Dylan is a student in both the Georgia Tech Online Master’s in Computer Science Program (run by Udacity) and also in CarND. He’s also turning his own Subaru into a self-driving car! (Note: We do not recommend this.)
Below I’ve put together a list of purchases needed for this project. There will definitely be more items coming soon, at least a decent power supply or UPS. Thankfully, this list covers all the big-ticket items.
Jetson TX1 Developement Kit (with .edu discount) NVIDIA $299 ZED Stereo Camera with 6-axis pose Stereolabs $449 CAN(-FD) to USB interface PEAK-System $299 Touch display, 10.1” Toguard $139 Wireless keyboard K400 Logitech $30 Total $1216
Backpropagation is a leaky abstraction; it is a credit assignment scheme with non-trivial consequences. If you try to ignore how it works under the hood because “TensorFlow automagically makes my networks learn”, you will not be ready to wrestle with the dangers it presents, and you will be much less effective at building and debugging neural networks.
I say it’s possible to use deep neural networks quite effectively without truly understanding backprop. But if your goal is to specialize in the field and apply this tool to a range of problems, then “yes you should understand backprop”.

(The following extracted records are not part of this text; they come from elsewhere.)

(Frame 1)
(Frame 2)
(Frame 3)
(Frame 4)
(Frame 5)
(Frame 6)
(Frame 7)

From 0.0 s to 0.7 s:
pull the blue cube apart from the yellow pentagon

By the way, @karpathy is a prolific Twitter feed with 37,100 followers.
Fun fact 27/120: There are nuclear submarines out there carrying 40 nuclear warheads controlled by a computer running Windows XP.
The easiest way to think of their relationship is to visualize them as concentric circles with AI — the idea that came first — the largest, then machine learning — which blossomed later, and finally deep learning — which is driving today’s AI explosion — fitting inside both.

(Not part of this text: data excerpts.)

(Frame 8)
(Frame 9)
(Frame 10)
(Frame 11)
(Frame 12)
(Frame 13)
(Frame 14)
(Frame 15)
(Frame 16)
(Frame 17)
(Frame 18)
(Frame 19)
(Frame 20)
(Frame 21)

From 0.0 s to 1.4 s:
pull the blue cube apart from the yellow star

I guess if I had to explain, I would say that:
“artificial intelligence” refers to techniques that help computers accomplish goals
“machine learning” refers to techniques that help computers accomplish goals by learning from data
“deep learning” refers to techniques that help computers accomplish goals by using deep neural networks to learn from data
But if you’re interested in these topics, then read the NVIDIA post. It’s good.
We’ll be covering behavioral cloning, which is a technique whereby you drive the car (or the simulated car, in this case) yourself and then pass the data to a neural network. The neural network trains on your driving data and auto-magically learns how to drive the car, without any other information. You don’t have to tell it about the color of the road or which way to turn or where the horizon is. You just pass in data of your own driving and it learns.
They also released a research paper that details their efforts to build a simulator that generates future road images from an existing camera shot. Basically, what do you think the road will look like a few milliseconds from now?
Oh, and if you want a job at Comma, they recommend you do something cool with the dataset.